About this exercise. Leaving all pictures aside, write out the records below precisely as given.

Data supplied.

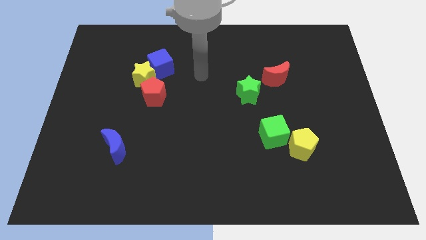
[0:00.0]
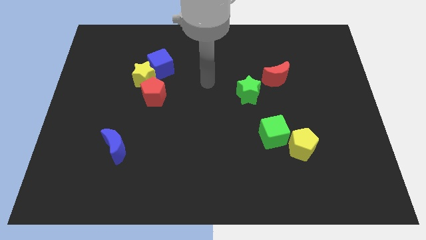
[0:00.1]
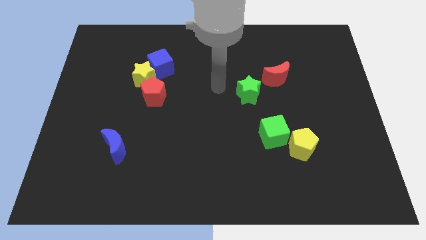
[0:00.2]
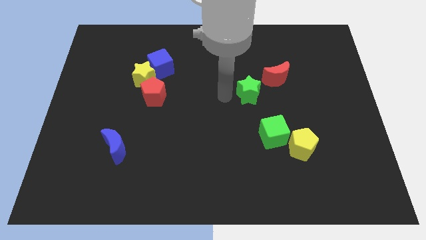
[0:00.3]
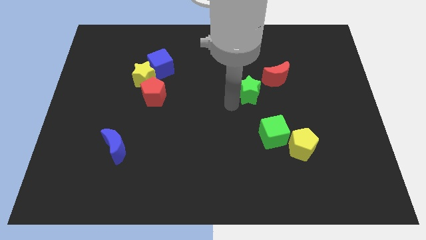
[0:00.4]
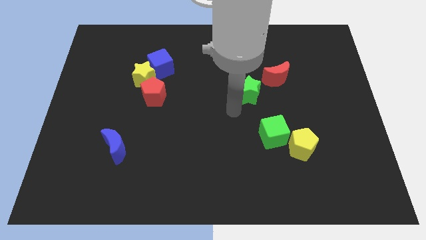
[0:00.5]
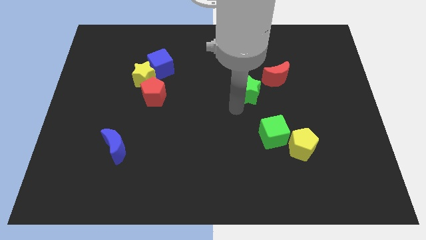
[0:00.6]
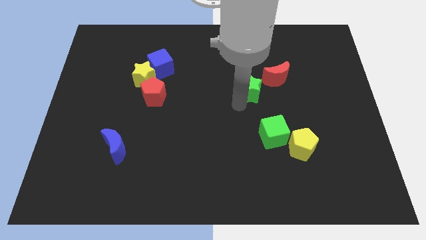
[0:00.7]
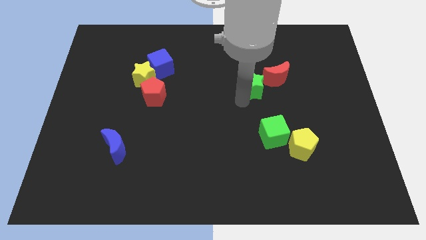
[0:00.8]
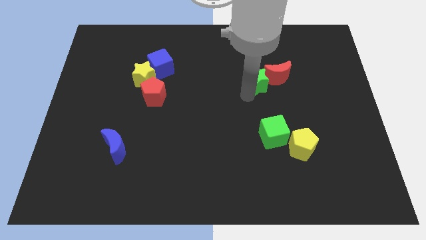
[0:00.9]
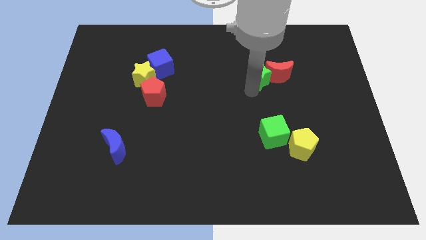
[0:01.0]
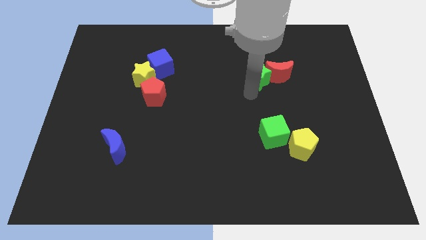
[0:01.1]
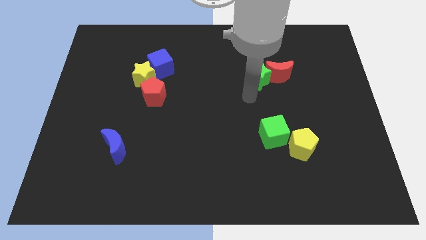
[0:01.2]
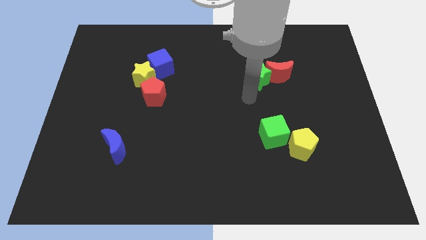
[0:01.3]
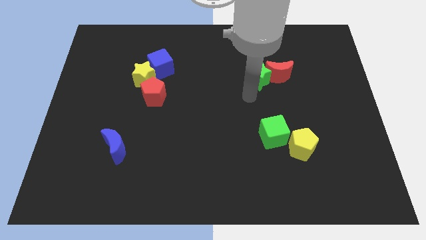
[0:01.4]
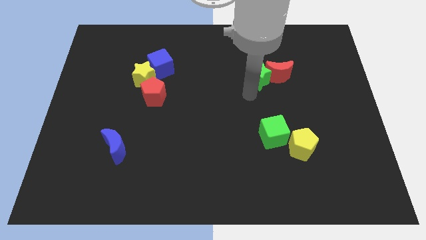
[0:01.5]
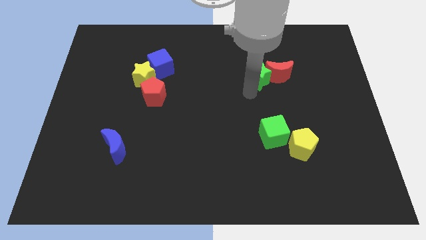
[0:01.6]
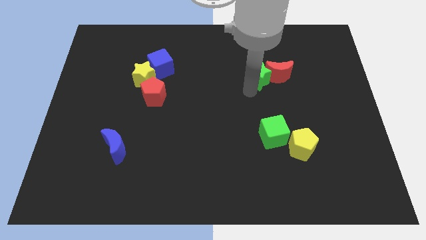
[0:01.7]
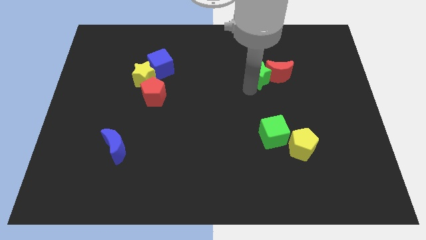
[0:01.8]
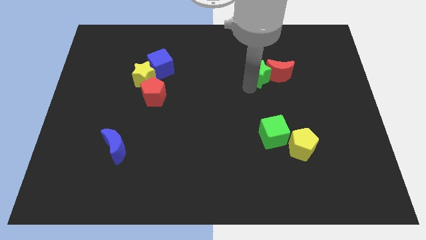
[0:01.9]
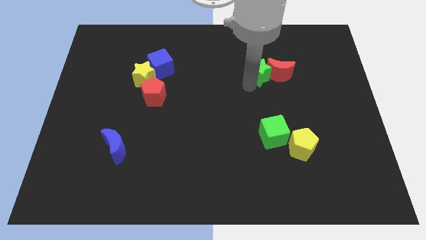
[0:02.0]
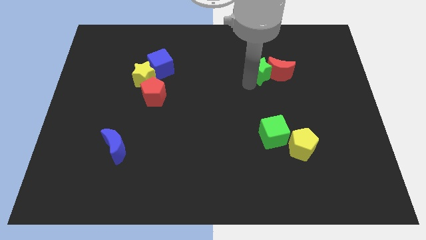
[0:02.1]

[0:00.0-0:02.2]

Answer.
[0:00.0]
[0:00.1]
[0:00.2]
[0:00.3]
[0:00.4]
[0:00.5]
[0:00.6]
[0:00.7]
[0:00.8]
[0:00.9]
[0:01.0]
[0:01.1]
[0:01.2]
[0:01.3]
[0:01.4]
[0:01.5]
[0:01.6]
[0:01.7]
[0:01.8]
[0:01.9]
[0:02.0]
[0:02.1]

[0:00.0-0:02.2]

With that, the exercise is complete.